# 26rks



## johnny l (Oct 19, 2005)

any info on the new 26rks [email protected] thinking about buying one thanks


----------



## caleb22 (Jun 13, 2005)

I own one and like it. I like the floor plan because it allows for more room in the bathroom and I like the kitchen in the rear. No complaints really...other than the DW isn't enthusiastic about using it.


----------



## Crawfish (Sep 14, 2005)

I am taking delivery of my 26RKS this Friday.







A friend of mind bought one and he loves it. I like the floorplan because it is just me and DW now, kids grown and gone.







I have looked at TT for the last 3 months and the Outback 26RKS is the one we chose.







I also studied all the info from this site, which I can say made up my mind, before I bought. The Outbackers on this site can tell you anything you need to know about Outbacks. Hope you decide on the 26RKS because I think you will love it. Good Luck and Happy Camping.


----------



## johnny l (Oct 19, 2005)

Crawfish said:


> I am taking delivery of my 26RKS this Friday.
> 
> 
> 
> ...


----------



## johnny l (Oct 19, 2005)

caleb22 said:


> I own one and like it. I like the floor plan because it allows for more room in the bathroom and I like the kitchen in the rear. No complaints really...other than the DW isn't enthusiastic about using it.
> [snapback]59591[/snapback]​


thankyou very much you have been a big help think i will buy


----------



## johnny l (Oct 19, 2005)

Crawfish said:


> I am taking delivery of my 26RKS this Friday.
> 
> 
> 
> ...


thanks crawfish you have been alot of help i think i will buy


----------



## ee4308 (Aug 23, 2005)

johnny,

Crawfish and I are old friends and both decided on the 26RKS. I think it is a great choice as I really love mine, as he will when he picks his up tomorrow. Don't think you can go wrong with a 26RKS, or the Outback brand. Welcome to the site!! sunny


----------



## mswalt (Sep 14, 2004)

> i think i will buy


johnny l,

Go for it! You'll love the Outback.

Mark


----------



## Crawfish (Sep 14, 2005)

Johnny l,

I think you are making the right move.







Outback TT are built better than most in my opinion. You will love it.
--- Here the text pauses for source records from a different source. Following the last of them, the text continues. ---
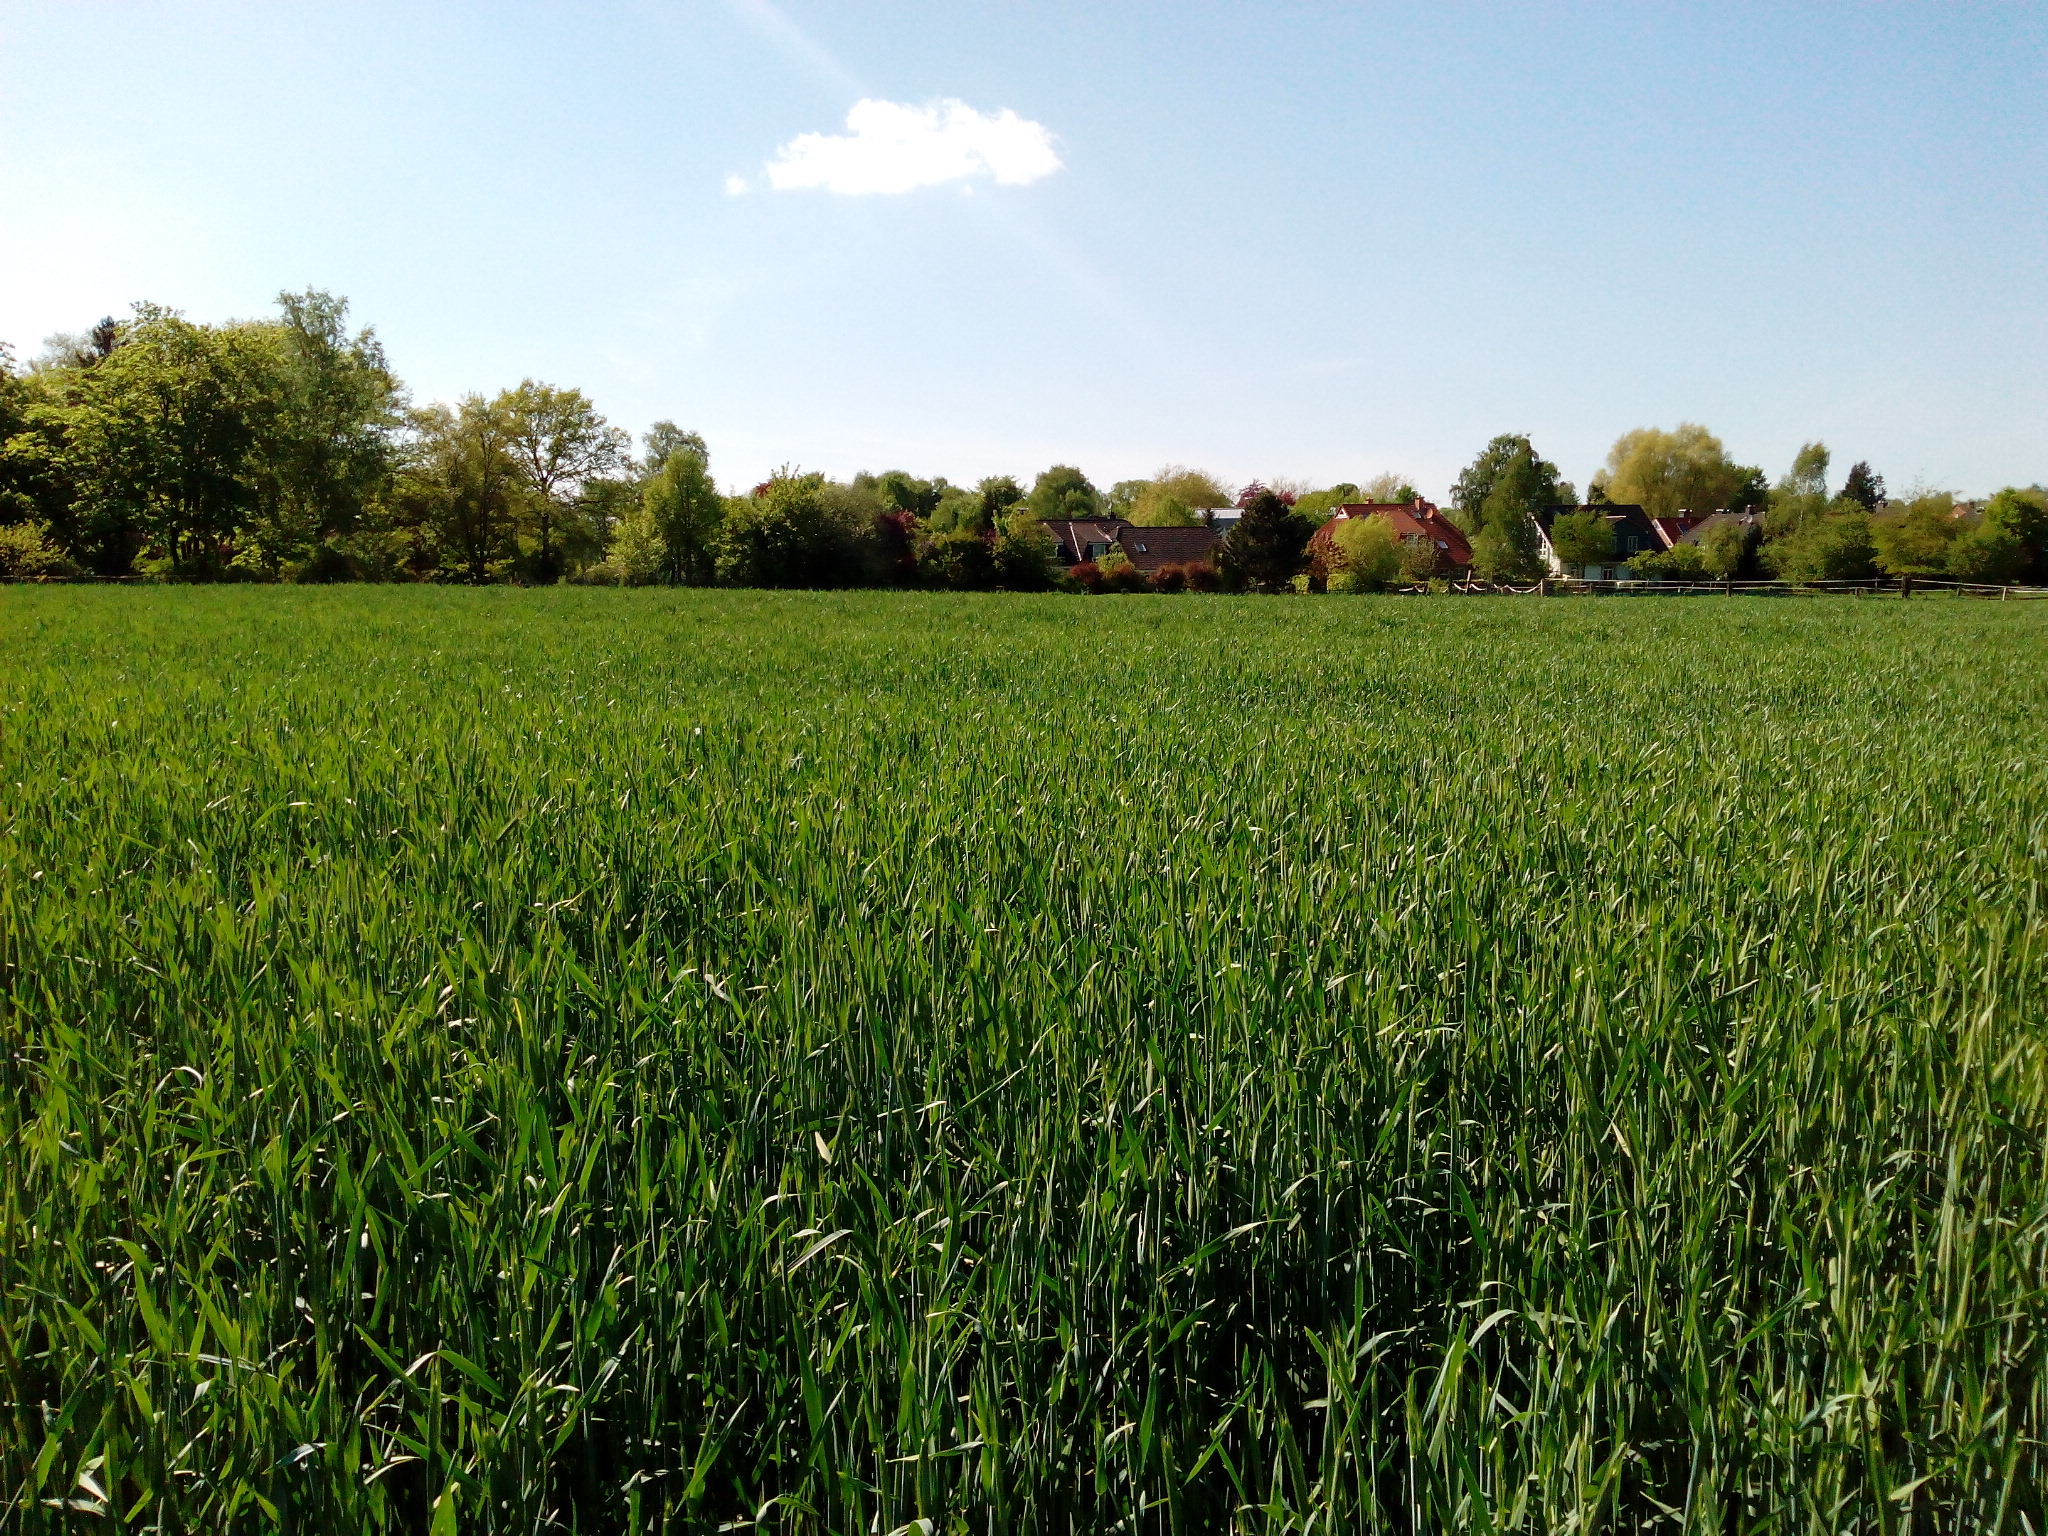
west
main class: Cropland
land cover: Rye
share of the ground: > 75 %
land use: Agriculture (excluding fallow land and kitchen gardens)
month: May
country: DE
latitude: 52.4852
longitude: 9.8675
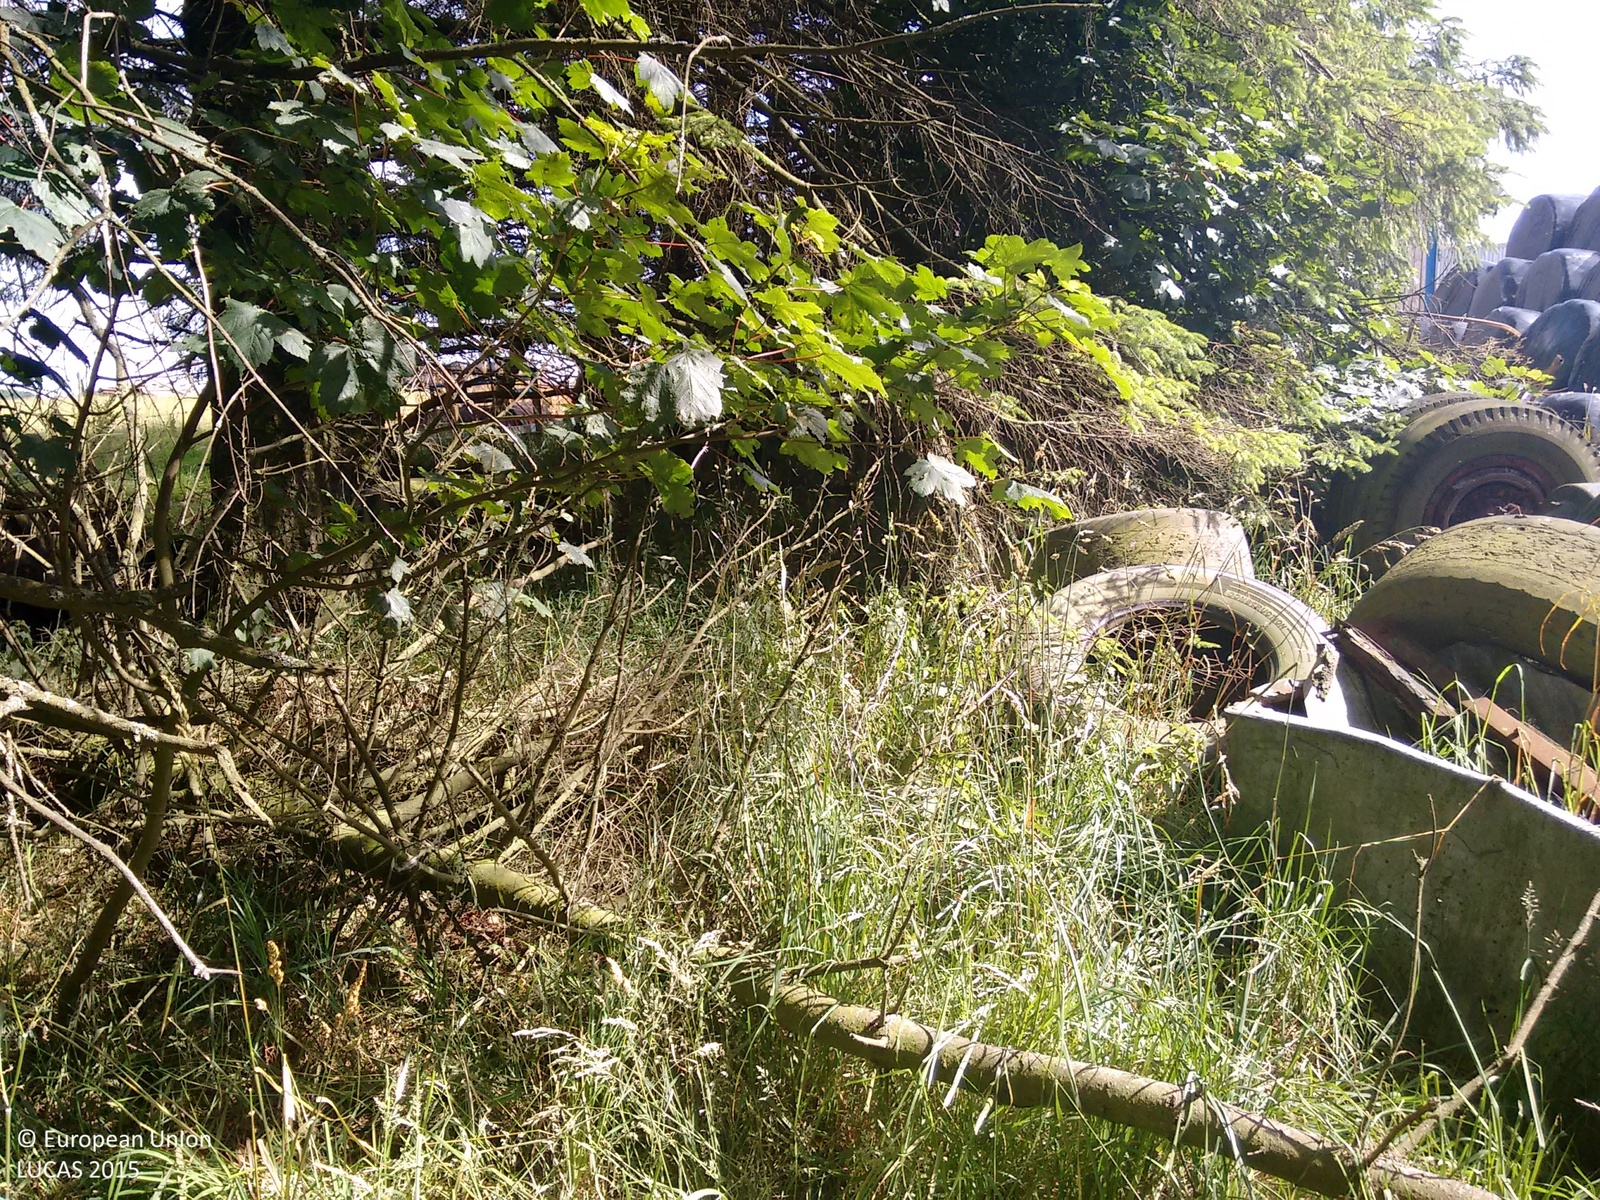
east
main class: Woodland
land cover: Spruce dominated coniferous woodland
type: exotic forest
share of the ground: > 75 %
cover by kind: coniferous forest trees 70 %, herbaceous plants 10 %, broadleaved forest trees 5 %, shrubs 5 %
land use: Agriculture (excluding fallow land and kitchen gardens)
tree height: > 5 m
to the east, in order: Spruce dominated coniferous woodland; Artificial constructions in urban areas; Grassland without tree/shrub cover; Fences; Electric lines; Grassland without tree/shrub cover
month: August
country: GB
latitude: 57.5679
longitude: -2.9838
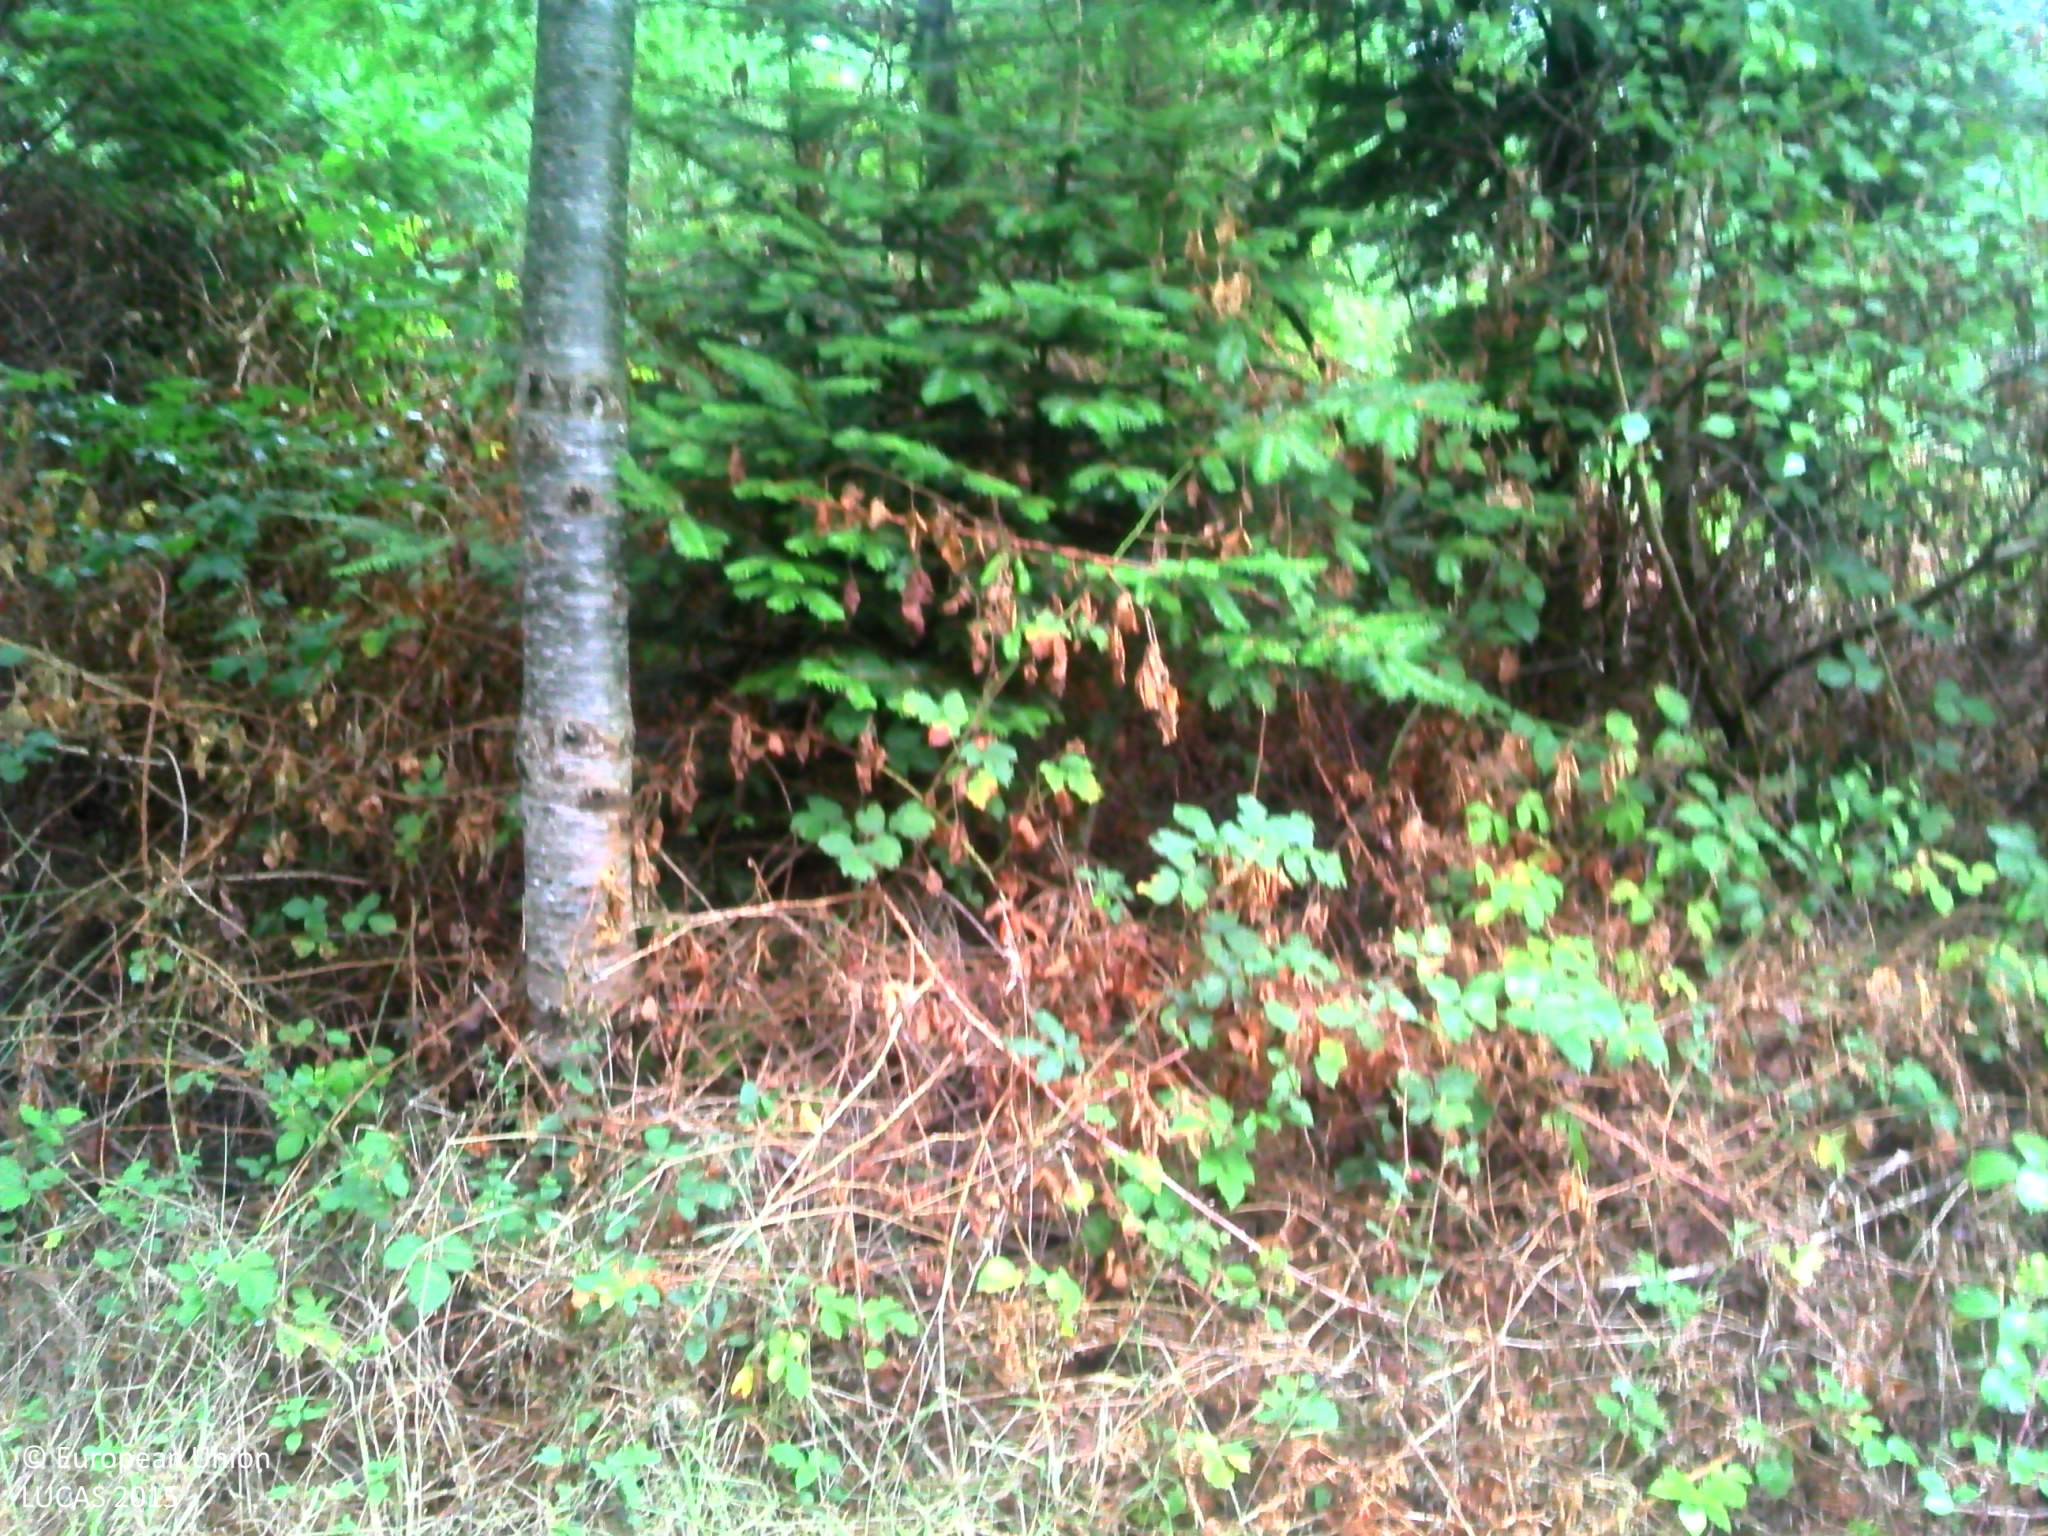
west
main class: Woodland
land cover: Spruce dominated coniferous woodland
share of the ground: > 75 %
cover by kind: coniferous forest trees 95 %, broadleaved forest trees 5 %
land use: Forestry
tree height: > 5 m
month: August
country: FR
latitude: 46.0063
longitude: 0.9873

Post pictures when you get it. If you have any questions about your Outback just ask the people on this site. They are full of knowledge.


----------



## NDJollyMon (Aug 22, 2003)

Keystone's site must be wrong...
When I look at floorplans...the 26RKS looks like a 26RS.

What gives?









Floor plan link:


----------



## ee4308 (Aug 23, 2005)

NDJollyMon,

The floor plan is strange!







Our 26RKS (rear kitchen) has two doors, one side slide, and no rear slide. Don't know why the floor plan is different.


----------



## johnp (Mar 15, 2004)

Well it looks like the "Tank Label" guy moved into the office and is doing web page design







The picture shows the same layout as the 26 rs. Way to go boys









John


----------



## Crawfish (Sep 14, 2005)

Johnny

Picked up my 26RKS Friday







, stayed at Panama City Beach this weekend and it was all a dream. No problems, just a good time.


----------



## nonny (Aug 14, 2005)

Glad you came this way for advice. You can't go wrong with Outbackers.com. These folks are wise, witty and wonderful! Good luck, johnny l!


----------